Vous appernez à reconnaître les moments où l’agitation pointe, où la tension s’éveille, où la résistance se manifeste ; vous n’essayez plus de vous convaincre du contraire.

Vous êtes pleinement conscient des choses telles qu’elles sont et ensuite, que faites-vous quand vous êtes tendu, agité et nerveux ? Vous vous détendez.

Mes premières années auprès d’Ajahn Chah, j’étais très sérieux dans ma méditation. Beaucoup trop sévère et solennel, j’avais perdu tout sens de l’humour. J’étais devenu mortellement sérieux, tout desséché comme une vieille branche.

Je consacrais beaucoup d’efforts à la pratique, j’étais toujours tendu et désagréable et je me répétais sans cesse : « Il faut que je fasse ceci ou cela. Je suis trop paresseux ». Je me sentais affreusement coupable si je ne passais pas tout mon temps à méditer — j’étais dans un état d’esprit sombre et sans joie.

Alors j’ai observé cela, j’ai médité sur moi-même en tant que vieille branche desséchée et quand cela devenait trop pénible, je me rappelais que le contraire était possible : « Tu n’es pas obligé de faire quelque chose ni d’aller quelque part. Sois en paix avec les choses telles qu’elles sont en cet instant, détends toi, lâche toute cette souffrance. »

Quand le mental en arrive à ce point de tension, utilisez le contraire, apprenez à prendre les choses avec calme et légèreté. Vous lisez dans certains livres qu’il ne faut pas faire d’effort — « laissez les choses se faire naturellement » — et vous vous dites qu’il n’y a qu’à se laisser bercer tranquillement. Mais c’est précisément à ce moment-là que vous sombrez dans un état de passivité et de torpeur ; c’est là qu’il faut fournir un peu plus d’effort.

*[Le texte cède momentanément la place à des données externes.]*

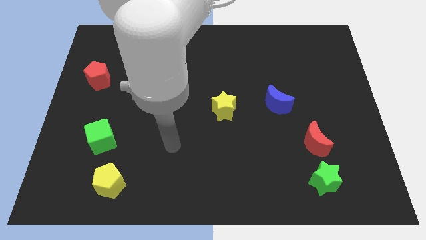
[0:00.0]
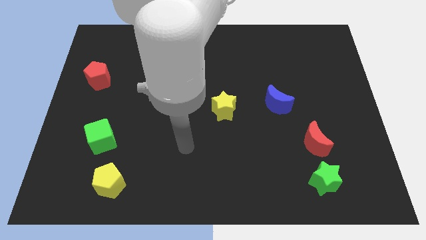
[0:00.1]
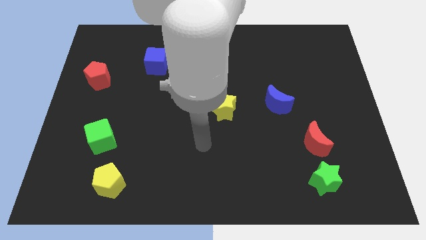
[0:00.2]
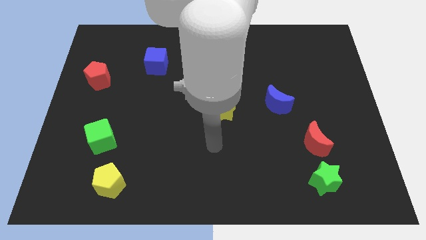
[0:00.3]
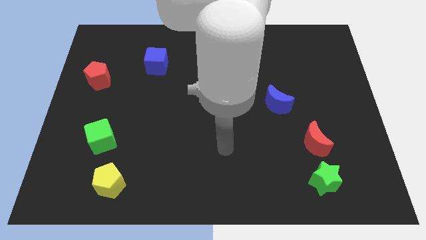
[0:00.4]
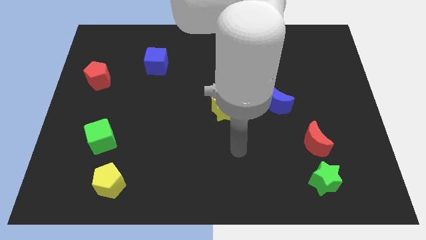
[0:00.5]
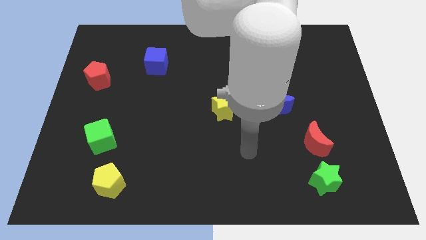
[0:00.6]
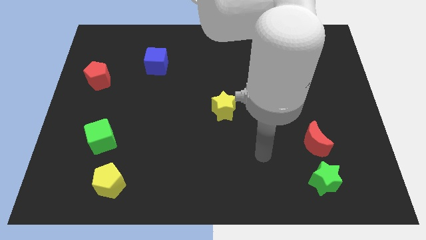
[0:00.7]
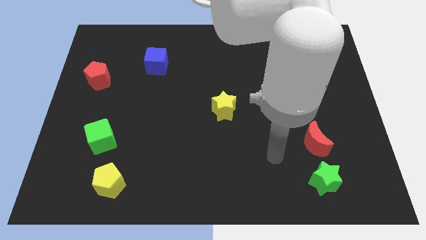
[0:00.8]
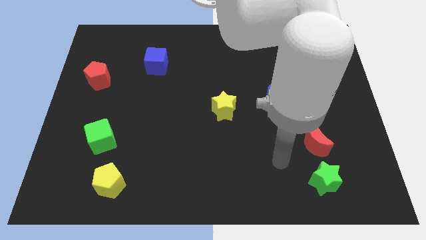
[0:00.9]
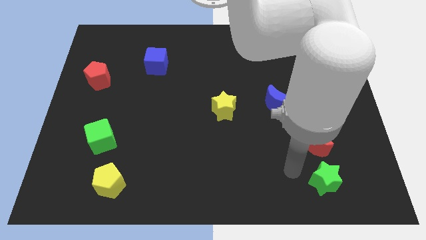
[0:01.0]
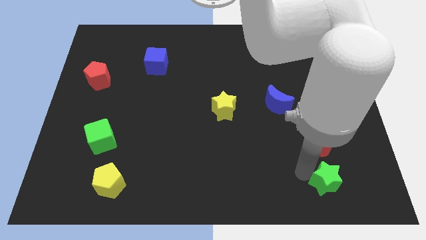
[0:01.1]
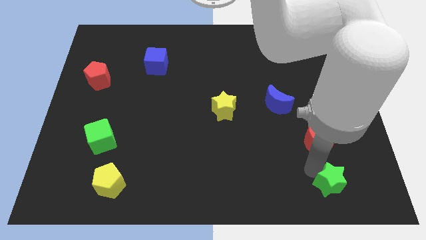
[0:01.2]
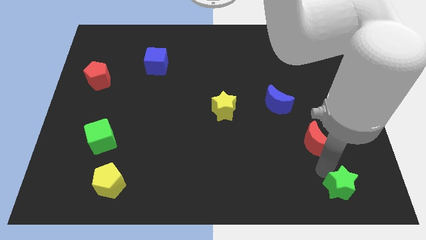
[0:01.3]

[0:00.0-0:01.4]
move the red moon away from the green star

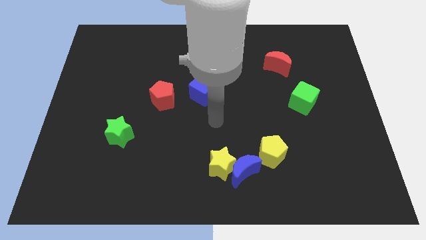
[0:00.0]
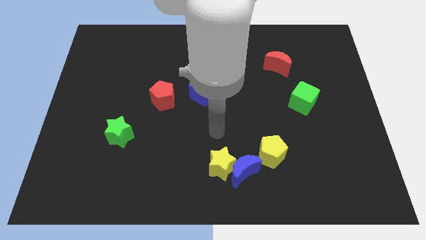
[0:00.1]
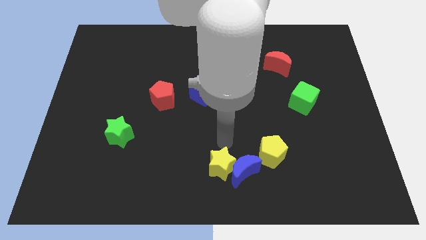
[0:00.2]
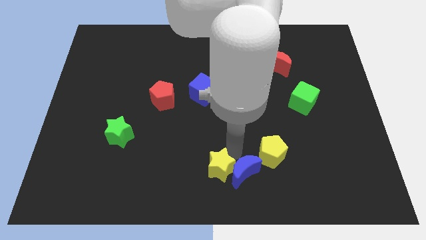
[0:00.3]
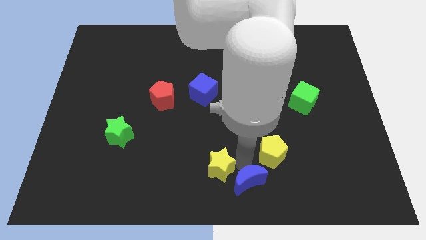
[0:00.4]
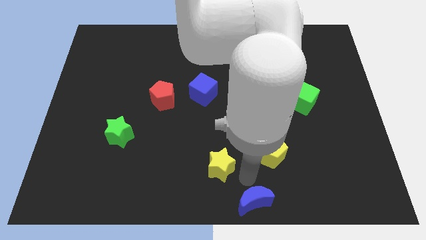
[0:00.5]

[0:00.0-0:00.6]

Avec anapanasati vous pouvez maintenir l’effort pendant une inspiration et, si vous n’y arrivez pas, maintenez-le au moins pendant une demi-inspiration — ainsi vous n’essaierez pas de devenir parfait d’un seul coup ! Vous n’êtes pas obligé de réussir à cause d’une idée préconçue de comment les choses devraient se passer ; faites plutôt face aux problèmes tels qu’ils se présentent. Et si votre esprit est agité de pensées, le reconnaître est une forme de sagesse, de vision pénétrante des choses telles qu’elles sont.

Croire que vous ne devriez pas être comme cela, vous détester ou vous décourager parce que vous êtes effectivement comme cela, est une forme d’ignorance.


La pratique d’anapanasati c’est votre point de départ

La pratique d’anapanasati vous permet de voir les choses telles qu’elles sont à cet instant ; c’est votre point de départ : maintenez l’attention encore un peu plus longtemps et vous commencerez à comprendre ce qu’est la concentration.

A présent, vous êtes en mesure de prendre des résolutions que vous pouvez tenir. Ne prenez pas des résolutions de Superman si vous n’êtes pas Superman. Pratiquez anapanasati pendant dix ou quinze minutes plutôt que décider de tenir toute la nuit : « Je vais faire anapanasati jusqu’à l’aube ». Parce que si vous n’y arrivez pas, vous allez être furieux. Fixez-vous des temps de méditation que vous savez pouvoir tenir. Faites-en l’expérience, travaillez avec votre esprit jusqu’à savoir exactement quel effort vous pouvez fournir et comment vous détendre.

Anapanasati est quelque chose d’immédiat, c’est une pratique qui vous mène directement à la vision pénétrante, vipassana. La nature impermanente de la respiration ne vous appartient pas, n’est-ce pas ? Une fois né dans ce monde, le corps respire tout seul — inspiration et expiration, l’une conditionnant l’autre — et il en sera ainsi tant que le corps sera en vie. Vous ne contrôlez rien, la respiration relève de l’ordre naturel des choses, elle ne vous appartient pas, elle n’est pas vous.

Quand vous observez cela, vous pratiquez vipassana, la vision pénétrante. Il n’y a là rien d’excitant, de fascinant ni de désagréable. C’est tout à fait naturel.